I think "sampling on the dependent variable" is about to beat "ignoring hidden factor correlation" as the most common data analysis error in the wild.

Walter is a very popular professor of physics at the Boston Institute of Technology [name of institution cleverly disguised for legal reasons], who teaches a 400-student class in the largest classroom at BIT. The other 20 professors of physics are very boring, so at any given time they have on average 5 students each in their classe.

A journalist stands at the door of the physics department and asks every fourth student how full their physics classes are. The results are as follows:

- 100 students say that their class was completely full;
- 25 students say that their class was mostly empty.

This is reported as "4 out of 5 classes are full at BIT; new building needed to address the lack of space, new faculty must be hired urgently."

Did you see the error? It's subtle.

Here's a visualization of the process to help see it:


In fact, only one class is full. The problem is that the likelihood of a student being in the sample (a random sample of students coming out of the building) is proportional to the variable of interest (the number of students in the class); in other words, the journalist is sampling on the dependent variable.

The more full a class is, the more over-represented that class will be in the sample of students.

This looks like some rare error, the kind of thing that would only happen to hapless journalists, except that it happens all the time and in serious circumstances.

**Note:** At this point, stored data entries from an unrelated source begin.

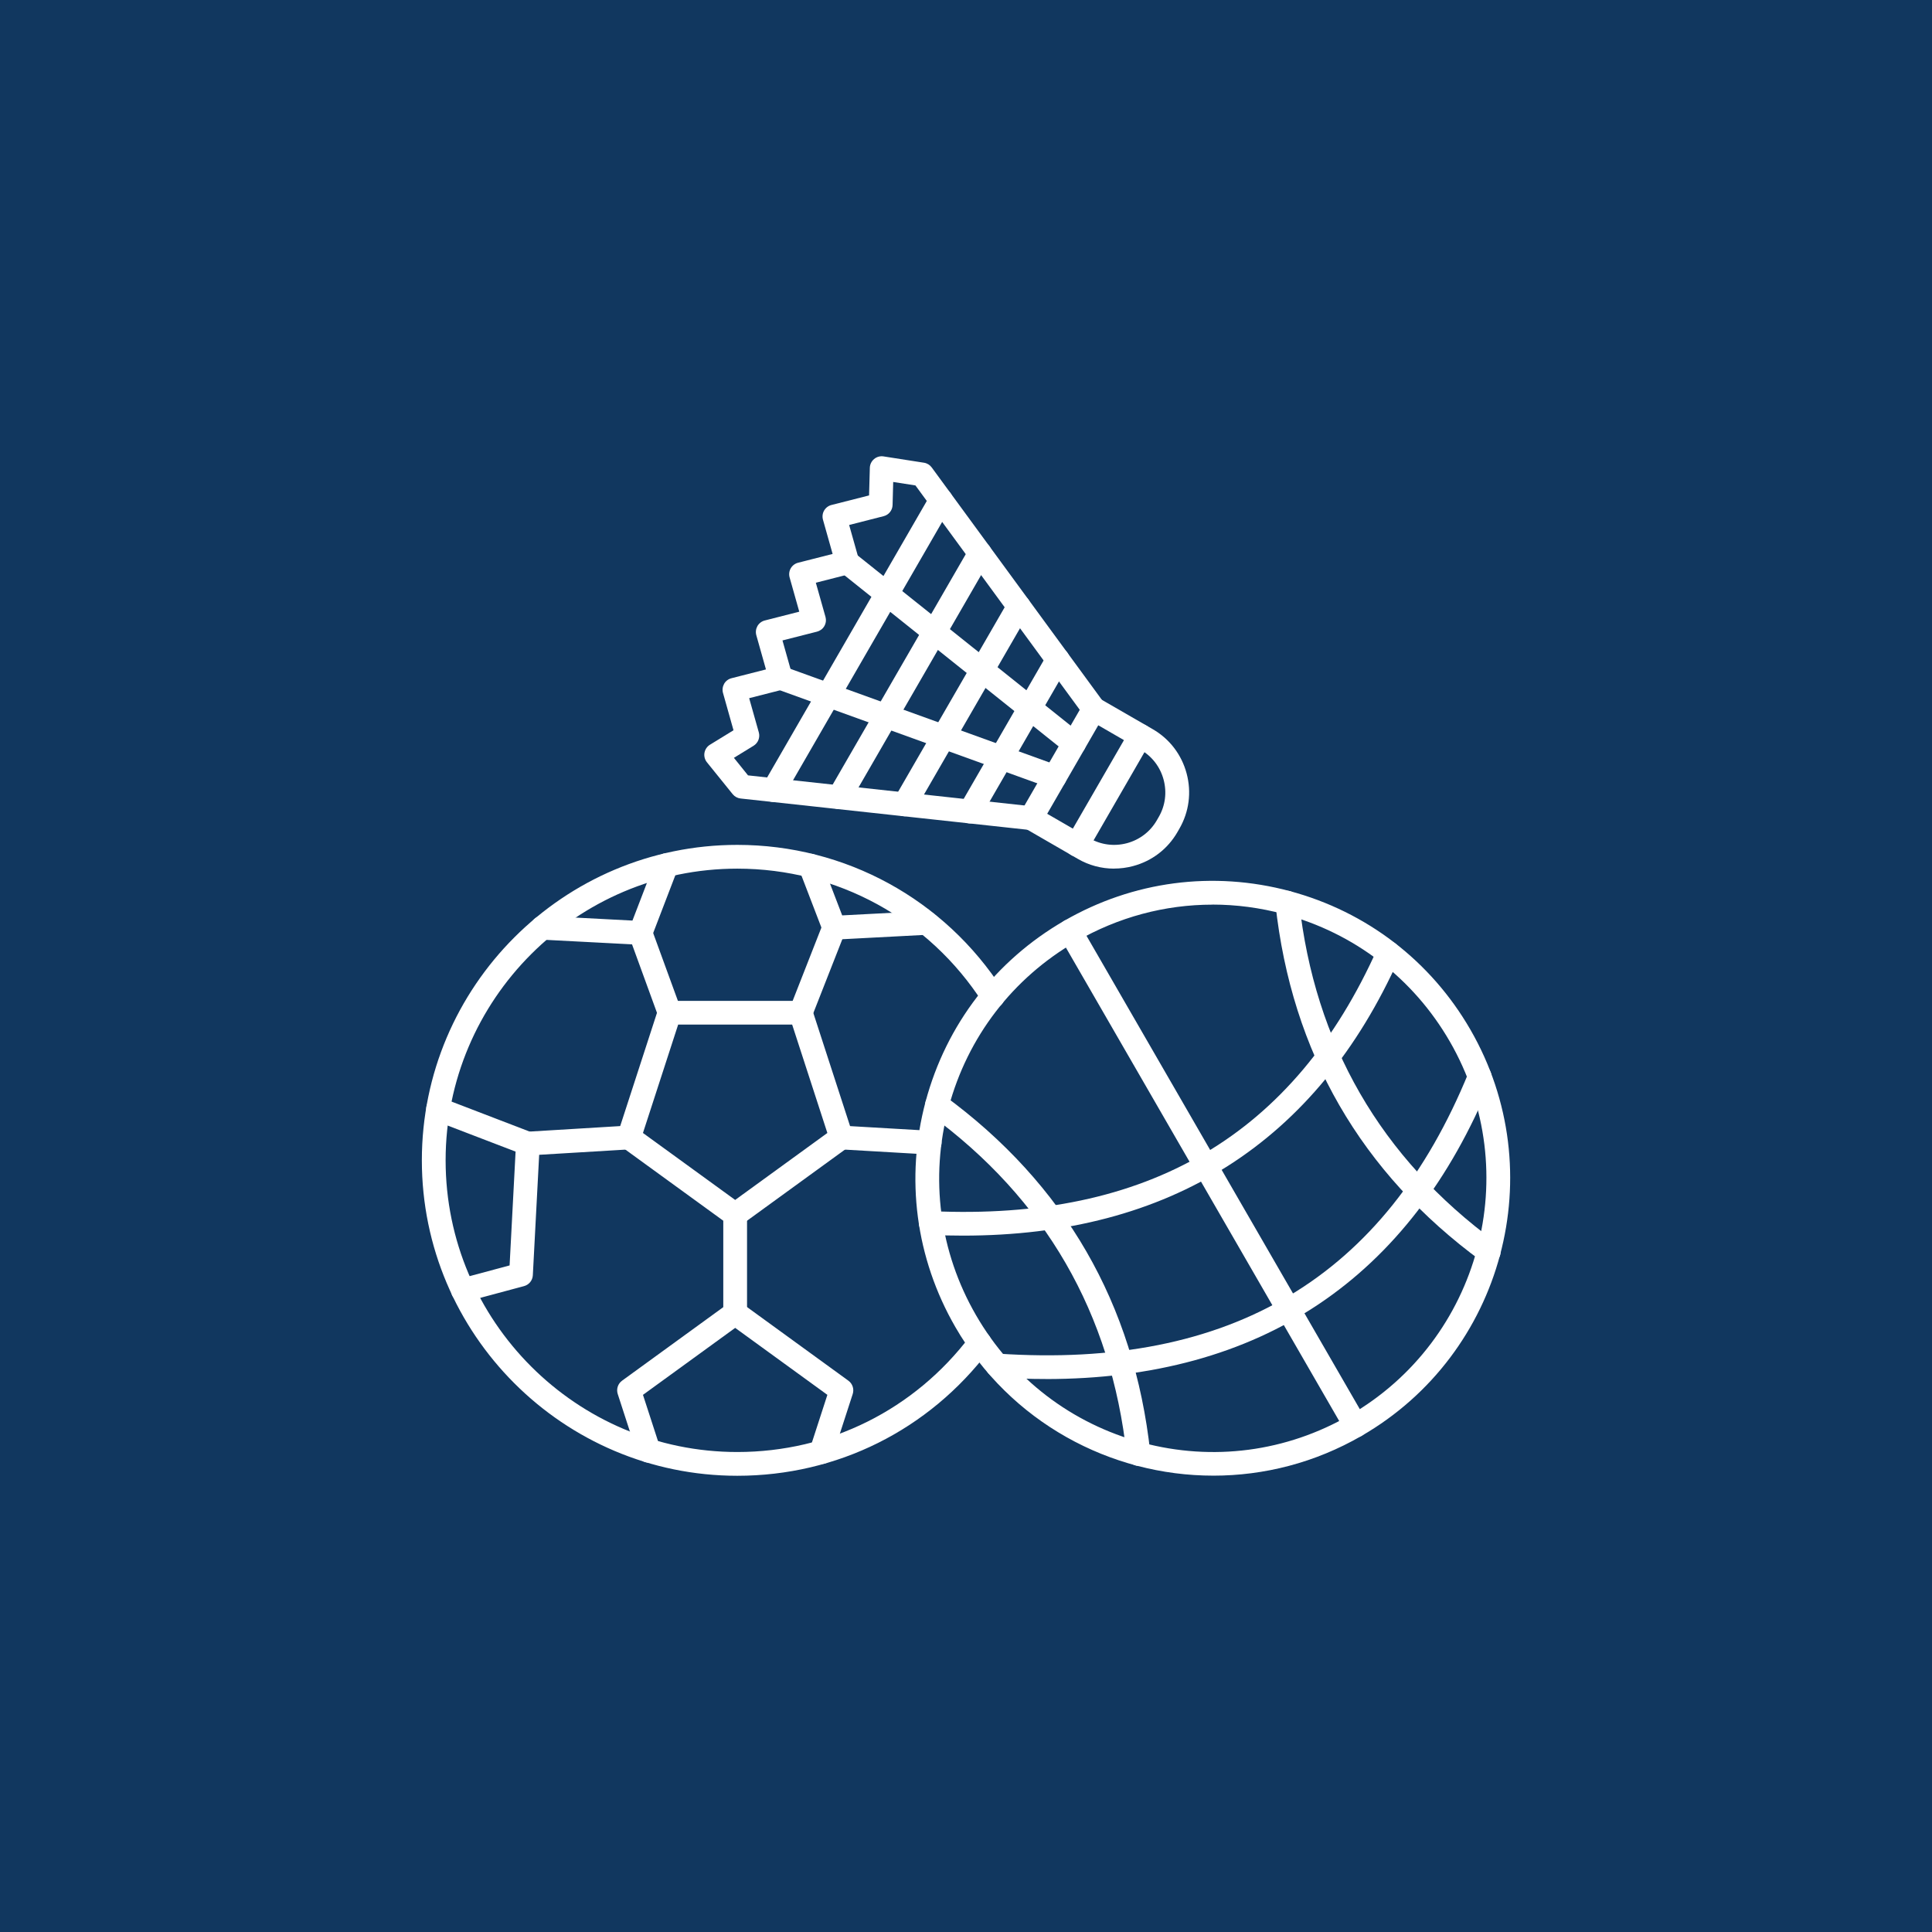 <?xml version="1.0" encoding="UTF-8"?>
<svg xmlns="http://www.w3.org/2000/svg" viewBox="0 0 1200 1200">
  <rect x="-120" y="-120" width="1440" height="1440" fill="#11375f"></rect>
  <path d="m457.95 916.63c-108.02 0-195.93-87.883-195.93-195.93s87.914-195.93 195.93-195.93c67.012 0 128.64 33.684 164.93 90.125 2.184 3.426 1.211 8-2.215 10.184-3.426 2.215-8 1.211-10.215-2.215-33.535-52.191-90.566-83.332-152.5-83.332-99.898 0-181.17 81.27-181.17 181.17 0 99.898 81.27 181.17 181.17 181.17 57.355 0 110.08-26.301 144.68-72.117 2.449-3.246 7.086-3.898 10.332-1.445 3.246 2.449 3.898 7.086 1.445 10.332-37.43 49.562-94.434 77.988-156.46 77.988z" fill="#fff" fill-rule="evenodd"></path>
  <path d="m399.35 703.71 57.27 41.594 57.27-41.594-21.875-67.336h-70.789zm57.27 58.125c-1.535 0-3.039-0.473-4.34-1.418l-65.949-47.91c-2.598-1.891-3.691-5.195-2.688-8.234l25.18-77.52c1.004-3.039 3.836-5.106 7.027-5.106h81.504c3.188 0 6.051 2.066 7.027 5.106l25.18 77.52c0.973 3.039-0.09 6.375-2.688 8.266l-65.949 47.91c-1.301 0.945-2.805 1.418-4.34 1.418z" fill="#fff" fill-rule="evenodd"></path>
  <path d="m510.09 909.32c-0.766 0-1.535-0.117-2.273-0.355-3.867-1.27-5.992-5.434-4.723-9.301l10.805-33.297-57.27-41.594-57.27 41.594 10.539 32.441c1.27 3.867-0.855 8.031-4.723 9.301s-8.031-0.855-9.301-4.723l-12.191-37.551c-0.973-3.039 0.09-6.375 2.688-8.266l65.949-47.91c2.566-1.891 6.082-1.891 8.68 0l65.949 47.91c2.598 1.891 3.66 5.227 2.688 8.266l-12.457 38.406c-1.004 3.129-3.898 5.106-7.027 5.106z" fill="#fff" fill-rule="evenodd"></path>
  <path d="m327.86 717.7c-3.867 0-7.144-3.012-7.379-6.938-0.234-4.074 2.863-7.559 6.906-7.824l62.82-3.809c4.074-0.234 7.559 2.863 7.824 6.938 0.234 4.074-2.863 7.559-6.938 7.824l-62.82 3.777h-0.441z" fill="#fff" fill-rule="evenodd"></path>
  <path d="m456.62 823c-4.074 0-7.379-3.305-7.379-7.379v-61.195c0-4.074 3.305-7.379 7.379-7.379 4.074 0 7.379 3.305 7.379 7.379v61.195c0 4.074-3.305 7.379-7.379 7.379z" fill="#fff" fill-rule="evenodd"></path>
  <path d="m577.42 717.08h-0.441l-54.82-3.188c-4.074-0.234-7.172-3.719-6.938-7.793 0.234-4.074 3.75-7.172 7.793-6.938l54.848 3.188c4.074 0.234 7.172 3.719 6.938 7.793-0.207 3.926-3.484 6.965-7.352 6.965z" fill="#fff" fill-rule="evenodd"></path>
  <path d="m497.36 636.37c-0.887 0-1.801-0.176-2.688-0.5-3.809-1.504-5.668-5.785-4.164-9.562l20.723-52.84c1.504-3.777 5.785-5.668 9.562-4.164 3.777 1.477 5.668 5.785 4.164 9.562l-20.754 52.84c-1.152 2.922-3.926 4.695-6.879 4.695z" fill="#fff" fill-rule="evenodd"></path>
  <path d="m415.89 636.37c-3.012 0-5.844-1.859-6.938-4.84l-18.066-49.594c-1.387-3.836 0.562-8.059 4.398-9.445s8.059 0.59 9.445 4.398l18.094 49.594c1.387 3.836-0.59 8.059-4.43 9.477-0.828 0.297-1.684 0.441-2.508 0.441z" fill="#fff" fill-rule="evenodd"></path>
  <path d="m397.82 586.81h-0.414l-60.988-3.188c-4.074-0.207-7.203-3.691-6.996-7.762 0.207-4.074 3.66-7.203 7.762-6.996l55.645 2.922 14.258-37.105c1.477-3.809 5.727-5.699 9.535-4.25 3.809 1.445 5.699 5.727 4.25 9.535l-16.148 42.094c-1.121 2.863-3.867 4.723-6.879 4.723z" fill="#fff" fill-rule="evenodd"></path>
  <path d="m518.11 583.56c-3.039 0-5.785-1.859-6.879-4.723l-14.789-38.523c-1.477-3.809 0.441-8.059 4.25-9.535 3.809-1.477 8.059 0.441 9.535 4.25l12.871 33.535 51.895-2.715c4.074-0.207 7.527 2.922 7.734 6.996s-2.894 7.559-6.965 7.762l-57.27 3.012h-0.383z" fill="#fff" fill-rule="evenodd"></path>
  <path d="m287.5 808.77c-3.246 0-6.258-2.184-7.144-5.461-1.035-3.926 1.301-7.969 5.227-9.031l30.938-8.297 3.719-70.699-50.805-19.484c-3.809-1.477-5.699-5.727-4.25-9.535 1.445-3.809 5.727-5.699 9.535-4.25l55.793 21.43c2.981 1.152 4.898 4.074 4.723 7.262l-4.281 81.391c-0.176 3.188-2.363 5.902-5.461 6.731l-36.102 9.684c-0.621 0.176-1.27 0.266-1.918 0.266z" fill="#fff" fill-rule="evenodd"></path>
  <path d="m753.06 561.89c-29.461 0-58.508 7.734-84.691 22.848-39.32 22.699-67.426 59.336-79.176 103.17-11.75 43.836-5.699 89.648 17.004 128.94 22.699 39.32 59.336 67.426 103.17 79.176 43.836 11.75 89.621 5.727 128.94-16.973 81.148-46.848 109.05-150.99 62.199-232.15-22.699-39.32-59.336-67.426-103.2-79.176-14.641-3.926-29.492-5.875-44.25-5.875zm0.59 354.66c-63.883 0.031-126.08-33.121-160.27-92.309-24.648-42.715-31.203-92.484-18.449-140.16 12.781-47.645 43.336-87.465 86.055-112.15 42.715-24.68 92.484-31.23 140.16-18.449 47.645 12.781 87.496 43.336 112.15 86.055 50.922 88.207 20.574 201.38-67.602 252.31-29.02 16.77-60.723 24.707-92.047 24.707z" fill="#fff" fill-rule="evenodd"></path>
  <path d="m841.98 892.84c-2.539 0-5.019-1.328-6.406-3.691l-177.3-307.13c-2.035-3.543-0.828-8.031 2.688-10.066 3.543-2.035 8.031-0.828 10.094 2.715l177.33 307.13c2.035 3.512 0.828 8.031-2.715 10.066-1.18 0.68-2.422 1.004-3.691 1.004z" fill="#fff" fill-rule="evenodd"></path>
  <path d="m707.13 910.46c-3.719 0-6.906-2.805-7.32-6.582-9.562-88.086-50.688-159.29-122.18-211.6-3.277-2.422-3.984-7.027-1.594-10.301 2.422-3.277 7.027-4.016 10.301-1.594 74.98 54.879 118.08 129.57 128.14 221.93 0.441 4.043-2.481 7.703-6.555 8.148-0.266 0-0.531 0.031-0.797 0.031z" fill="#fff" fill-rule="evenodd"></path>
  <path d="m924.66 784.86c-1.504 0-3.039-0.473-4.34-1.418-74.98-54.879-118.08-129.57-128.12-221.93-0.441-4.043 2.481-7.703 6.523-8.148 4.043-0.441 7.676 2.481 8.148 6.555 9.594 88.086 50.688 159.29 122.18 211.63 3.305 2.422 4.016 7.027 1.594 10.301-1.445 1.977-3.691 3.012-5.965 3.012z" fill="#fff" fill-rule="evenodd"></path>
  <path d="m649.51 856.53c-9.949 0-20.164-0.355-30.582-1.035-4.043-0.266-7.144-3.777-6.879-7.852s3.777-7.144 7.852-6.879c144.82 9.684 240.44-47.527 292.34-174.79 1.535-3.777 5.844-5.578 9.625-4.043 3.777 1.535 5.578 5.844 4.043 9.625-50.094 122.86-143 185-276.39 185z" fill="#fff" fill-rule="evenodd"></path>
  <path d="m598.14 767.47c-6.699 0-13.461-0.148-20.34-0.473-4.074-0.176-7.231-3.633-7.055-7.703 0.176-4.074 3.66-7.231 7.703-7.027 134.7 6.109 225.32-47.293 277.16-163.27 1.652-3.719 6.023-5.402 9.742-3.719 3.719 1.652 5.371 6.023 3.719 9.742-51.156 114.5-142.29 172.45-270.96 172.45z" fill="#fff" fill-rule="evenodd"></path>
  <path d="m640.36 515.54c-0.266 0-0.531 0-0.828-0.031l-179.51-19.543c-1.949-0.207-3.719-1.18-4.961-2.715l-15.969-19.777c-1.328-1.652-1.891-3.809-1.535-5.875 0.383-2.098 1.594-3.926 3.426-5.047l14.613-8.973-6.523-23.172c-0.531-1.918-0.266-3.957 0.707-5.699 0.973-1.711 2.656-2.981 4.574-3.453l21.402-5.461-5.992-21.254c-0.531-1.918-0.266-3.957 0.707-5.699 1.004-1.711 2.656-2.981 4.574-3.453l21.402-5.461-5.992-21.254c-0.531-1.918-0.297-3.957 0.707-5.699 1.004-1.711 2.656-2.981 4.574-3.453l21.43-5.461-5.992-21.254c-0.531-1.918-0.297-3.957 0.707-5.699 1.004-1.711 2.656-2.981 4.574-3.453l23.352-5.934 0.473-17.152c0.059-2.125 1.035-4.102 2.656-5.461 1.625-1.359 3.75-1.949 5.844-1.625l25.121 3.926c1.949 0.297 3.66 1.359 4.812 2.922l106.68 145.71c2.422 3.277 1.684 7.91-1.594 10.301-3.277 2.422-7.91 1.684-10.301-1.594l-104.89-143.23-13.816-2.156-0.383 14.316c-0.09 3.305-2.363 6.141-5.578 6.938l-21.402 5.461 5.992 21.254c0.531 1.918 0.266 3.957-0.707 5.699-1.004 1.711-2.656 2.981-4.574 3.453l-21.402 5.461 5.992 21.227c0 0.031 0 0.09 0.031 0.148 0.207 0.797 0.297 1.625 0.234 2.391-0.09 1.152-0.441 2.242-1.004 3.219 0.031 0 0 0 0 0-0.531 0.914-1.27 1.711-2.156 2.332h-0.031c-0.68 0.473-1.445 0.828-2.301 1.062-0.059 0-0.09 0.031-0.117 0.031l-21.371 5.434 5.992 21.254c0.531 1.918 0.297 3.957-0.707 5.699-1.004 1.711-2.656 2.981-4.574 3.453l-21.402 5.461 5.992 21.254c0.887 3.188-0.441 6.555-3.246 8.297l-12.223 7.5 8.77 10.895 176.5 19.219c4.043 0.441 6.965 4.074 6.523 8.148-0.414 3.777-3.602 6.582-7.32 6.582z" fill="#fff" fill-rule="evenodd"></path>
  <path d="m650.42 505.45 26.391 15.262c7.027 4.043 15.23 5.106 23.145 3.012 7.883-2.125 14.465-7.144 18.539-14.168l1.238-2.156c4.074-7.027 5.106-15.23 3.012-23.113-2.098-7.883-7.144-14.465-14.168-18.539l-26.422-15.262-31.734 54.996zm41.504 34.066c-7.824 0-15.559-2.035-22.465-6.051l-32.797-18.953c-3.543-2.035-4.723-6.555-2.715-10.066l39.145-67.777c2.035-3.543 6.555-4.723 10.094-2.688l32.797 18.922c10.449 6.023 17.918 15.793 21.047 27.484 3.129 11.691 1.535 23.883-4.488 34.332l-1.238 2.156c-6.023 10.422-15.762 17.918-27.484 21.047-3.926 1.062-7.91 1.566-11.867 1.566z" fill="#fff" fill-rule="evenodd"></path>
  <path d="m669.08 532.14c-1.238 0-2.508-0.324-3.691-1.004-3.543-2.035-4.754-6.555-2.715-10.066l39.145-67.777c2.035-3.543 6.555-4.754 10.066-2.688 3.543 2.035 4.723 6.555 2.715 10.094l-39.113 67.777c-1.359 2.363-3.836 3.691-6.406 3.691z" fill="#fff" fill-rule="evenodd"></path>
  <path d="m655.09 489.98c-0.828 0-1.684-0.148-2.508-0.441l-170.19-61.52c-3.836-1.387-5.816-5.609-4.43-9.445 1.387-3.836 5.609-5.816 9.445-4.43l170.19 61.52c3.836 1.387 5.816 5.609 4.43 9.445-1.062 3.012-3.926 4.871-6.938 4.871z" fill="#fff" fill-rule="evenodd"></path>
  <path d="m667.07 469.17c-1.625 0-3.219-0.531-4.606-1.625l-140.78-112.47c-3.188-2.539-3.719-7.172-1.152-10.363 2.539-3.188 7.172-3.691 10.391-1.152l140.75 112.47c3.188 2.539 3.719 7.203 1.18 10.363-1.445 1.832-3.602 2.773-5.785 2.773z" fill="#fff" fill-rule="evenodd"></path>
  <path d="m480.48 498.13c-1.27 0-2.508-0.324-3.691-0.973-3.512-2.035-4.723-6.555-2.715-10.094l104-180.1c2.035-3.543 6.555-4.754 10.066-2.688 3.543 2.035 4.723 6.555 2.715 10.094l-103.97 180.1c-1.359 2.363-3.836 3.691-6.406 3.691z" fill="#fff" fill-rule="evenodd"></path>
  <path d="m521.18 502.55c-1.27 0-2.508-0.324-3.691-0.973-3.512-2.035-4.723-6.555-2.715-10.066l87.496-151.5c2.035-3.543 6.555-4.754 10.066-2.715 3.543 2.035 4.723 6.555 2.715 10.094l-87.465 151.5c-1.359 2.363-3.836 3.691-6.406 3.691z" fill="#fff" fill-rule="evenodd"></path>
  <path d="m561.86 506.98c-1.27 0-2.508-0.324-3.691-1.004-3.512-2.035-4.723-6.555-2.715-10.066l70.965-122.89c2.035-3.543 6.555-4.754 10.066-2.688 3.543 2.035 4.723 6.555 2.715 10.094l-70.965 122.89c-1.359 2.363-3.836 3.691-6.406 3.691z" fill="#fff" fill-rule="evenodd"></path>
  <path d="m602.57 511.44c-1.27 0-2.508-0.324-3.691-1.004-3.512-2.035-4.723-6.555-2.715-10.094l54.465-94.312c2.035-3.543 6.555-4.754 10.066-2.688 3.543 2.035 4.723 6.555 2.715 10.094l-54.434 94.289c-1.359 2.363-3.836 3.691-6.406 3.691z" fill="#fff" fill-rule="evenodd"></path>
</svg>

Consider the case of health authorities trying to determine the seriousness of a condition, namely how many of the people with the condition die. They could count the cases that get tested and compute the fraction of those that die. (That's what most of the preliminary COVID-19 case fatality rate numbers in the media are.)

And that's the same error that the journalist made.

In this case, the dependent variable is not size of class, it's seriousness of disease, and the sampling problem is not with the number of students in a class, is with the people who choose to get tested. These people choose to get tested (or get tested at a hospital when admitted) because they have symptoms that make them take the trouble.

In other words, the more serious the level of the disease a patient P has, the more likely P will be tested (sampling on the dependent variable, again), and more of these tested patients will die than if the testing was done to a random sample of the population.

(This is different from the truncation argument made in this previous post. Truncation is also a type of sampling on the dependent variable; a form that is easier to correct, as the non-truncated part of the sample distribution is the same as the population distribution up to scaling.)

To illustrate the effect of different degrees of sampling on the dependent variable, let us consider the case of a uniformly distributed variable (in the population) and different degrees of sampling:


Let's consider two persons, A with $x_A=0.2$ and B with $x_B=0.4$. With correct, random, sampling, A and B would have equal chance of being in the sample. With sampling proportional to $x$, B would be twice as likely to be in the sample than A, biasing the sample average upwards relative to the population; with sampling proportional to $x^2$, B would be four times more likely to be in the sample, which would bias the sample average even more.

To put this $x^2$ in the context of, for example, COVID-19 tests, a sampling proportional to $x^2$ means that people in a group X with symptoms twice as bad as people in a group Y will be four times more likely to seek treatment (and be tested). Basically, each person in group X will be counted four times more often in the statistics than each person in group Y (the group with less serious symptoms).

(The other degrees, $x^3$ and $x^4$ capture cases where people avoid the hospital unless their symptoms are serious or very serious.)

As we can see from the charts in the image above, the more distortion of the underlying population distribution the sampling process creates, the higher the sample average, and all the while the population average stays at a constant 1/2.

Sampling on the dependent variable: something to keep in mind when people talk about dire situations in the news.